InvITs are proposed to provide a suitable structure for financing/refinancing of infrastructure projects in the country

July 18, 2014 11:12 IST | India Infoline News Service
The Securities and Exchange Board of India (SEBI) has put out draft regulations for so-called infrastructure investment trusts to provide easier financing options to developers of public works.

InvITs are proposed to provide a suitable structure for financing/refinancing of infrastructure projects in the country, SEBI said in a notification on Thursday.

InVITs shall invest in infrastructure projects, either directly or through SPV. In case of PPP projects, such investments shall only be through SPV.

An InvIT which proposes to invest atleast 80% of the value of the assets in the completed and revenue generating Infrastructure assets, shall raise funds only through public issue of units and minimum subscription size and trading lot for such InvIT shall be Rs five lakhs. Rest 20% may be invested in under construction infrastructure projects (subject to maximum of 10%) and other permissible investments.

An InvIT which proposes to invest more than 10% of the value of their assets in under construction infrastructure projects shall necessarily raise funds through private placement from Qualified Institutional Buyers and body corporate and the minimum investment and trading lot for such InvITs shall be of Rs. 1 crore. Such InvITs shall mandatorily invest in not less than one completed and revenue generating project and not less than one pre-COD project.

Listing shall be mandatory for both publicly offered and privately placed InvITs.

An InvIT prior to making an offer of units, either through public issue or private placement, may have Strategic Investors such as banks, international multilateral financial institutions, FPIs including sovereign wealth funds, etc., which together invest not less than 5% of the size of the InvIT or such amount as may be specified by the Board.

An InvIT shall be a trust with parties such as Sponsor(s), Investment Manager, Trustee and Project Manager(s).

A trustee of InvIT can either be:
a. a Debenture Trustee registered with SEBI and not an associate of the sponsor(s)/investment manager; or
b. an associate of the sponsor/investment manager having not less than 50% of its directors as independent and not related parties to the InvIT;
However, a trustee of InvIT cannot be trustee to another InvIT or an Alternative Investment Fund engaged in infrastructure sector.

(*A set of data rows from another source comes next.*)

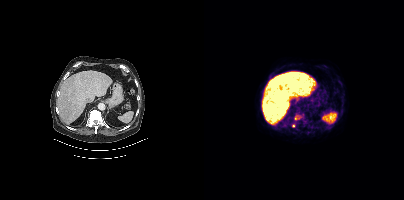
Coordinates are on the 200×200 PET (right) panel. (showing 2 of 3 foci) Small PSMA-avid foci (2 to 4 px across) near (center x, center y): (91, 118) / (89, 125).
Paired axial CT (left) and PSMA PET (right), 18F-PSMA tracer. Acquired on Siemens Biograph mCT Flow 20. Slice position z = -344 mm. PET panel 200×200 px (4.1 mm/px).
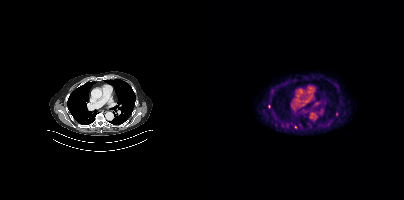
Coordinates are on the 200×200 PET (right) panel. (showing 1 of 2 foci) Small PSMA-avid focus (2 to 4 px across) near (center x, center y): (91, 127).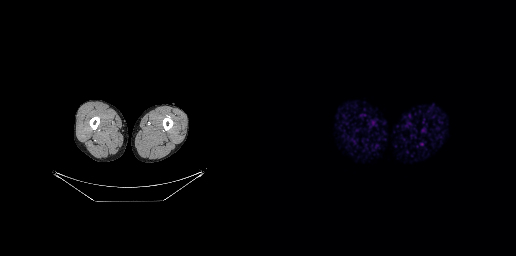
This slice has no annotated PSMA-avid lesion. Paired axial CT (left) and PSMA PET (right), 68Ga-PSMA tracer. PET panel 256×256 px (2.7 mm/px).
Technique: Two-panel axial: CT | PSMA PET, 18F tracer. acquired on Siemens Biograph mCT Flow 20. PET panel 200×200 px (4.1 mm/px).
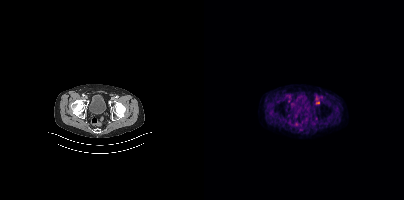
Findings: No tumor lesions annotated on this slice.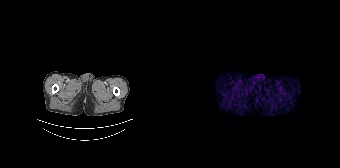
Left: CT. Right: PSMA PET, same axial level, 68Ga-PSMA tracer. Slice 37 of 195. Negative for PSMA-avid disease on this slice.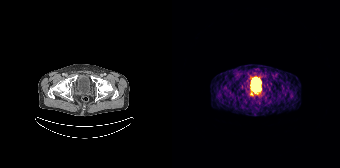
Coordinates are on the 168×168 PET (right) panel. PSMA-avid tumor lesion bounding box (x, y, width, height): x=77 y=92 w=5 h=5.
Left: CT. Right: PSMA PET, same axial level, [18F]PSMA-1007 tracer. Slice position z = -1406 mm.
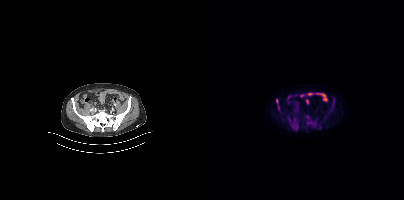
Coordinates are on the 200×200 PET (right) panel. (showing 4 of 5 foci) PSMA-avid tumor lesion bounding box (x0,y0,x1,y1): [72,99,73,103]. Small PSMA-avid foci (2 to 4 px across) near (center x, center y): (104, 122) (74, 107) (103, 117).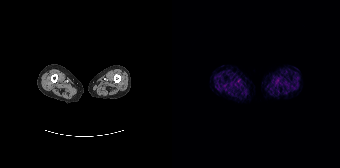
This slice has no annotated PSMA-avid lesion.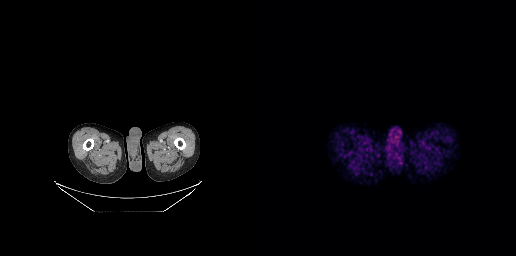
Left: CT. Right: PSMA PET, same axial level, [68Ga]Ga-PSMA-11 tracer. Acquired on GE Discovery 690. No PSMA-avid tumor lesions on this slice.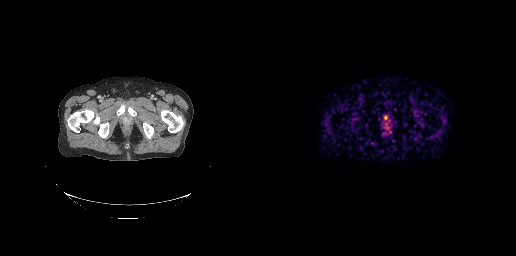
Paired axial CT (left) and PSMA PET (right), [68Ga]Ga-PSMA-11 tracer. Slice position z = -884 mm. Coordinates are on the 256×256 PET (right) panel. Small PSMA-avid focus (2 to 4 px across) near (center x, center y): (125, 117).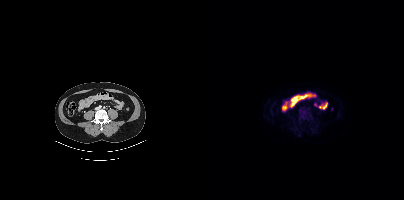
Paired axial CT (left) and PSMA PET (right), 18F tracer. PET panel 200×200 px (4.1 mm/px). This slice has no annotated PSMA-avid lesion.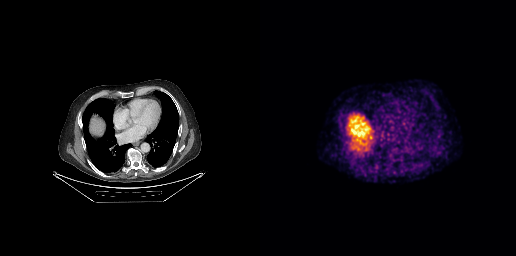
Paired axial CT (left) and PSMA PET (right), 18F tracer. PET panel 256×256 px (2.7 mm/px). This slice has no annotated PSMA-avid lesion.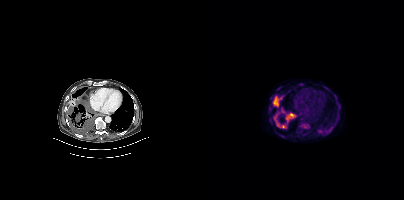
Two-panel axial: CT | PSMA PET, 18F-PSMA tracer. Acquired on Siemens Biograph mCT Flow 20.
Coordinates are on the 200×200 PET (right) panel. PSMA-avid tumor lesion bounding boxes:
| # | x0 | y0 | x1 | y1 |
|---|---|---|---|---|
| 1 | 68 | 96 | 77 | 107 |
| 2 | 69 | 117 | 82 | 128 |
| 3 | 81 | 113 | 89 | 121 |
| 4 | 97 | 123 | 104 | 128 |
| 5 | 77 | 109 | 80 | 113 |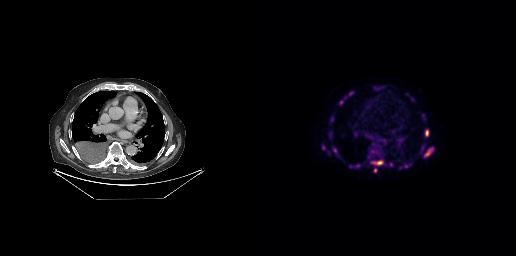
Findings: Coordinates are on the 256×256 PET (right) panel. (showing 8 of 9 foci) PSMA-avid tumor lesion bounding boxes (x, y, width, height): x=111 y=160 w=13 h=6 / x=165 y=149 w=7 h=8 / x=165 y=129 w=4 h=8 / x=73 y=148 w=4 h=5. Small PSMA-avid foci (2 to 4 px across) near (center x, center y): (63, 147) / (115, 170) / (146, 166) / (81, 102).
- Left: CT. Right: PSMA PET, same axial level, [18F]PSMA-1007 tracer
- slice 207 of 299

The proposed holding of an InvIT in the underlying assets shall be not less than Rs 500 crore and the offer size of the InvIT shall not be less then Rs 250 crore at the time of initial offer of units.

The aggregate consolidated borrowing of the InvIT and the underlying SPVs shall never exceed 49% of the value of InvIT assets. However, this may exclude any debt infused by the InvIT in the underlying SPV. Further, for any borrowing exceeding 25% of the value of InvIT assets, requirement of credit rating and unit holders approval has been made mandatory.

Feedback is invited by July 24, 2014 on draft regulations.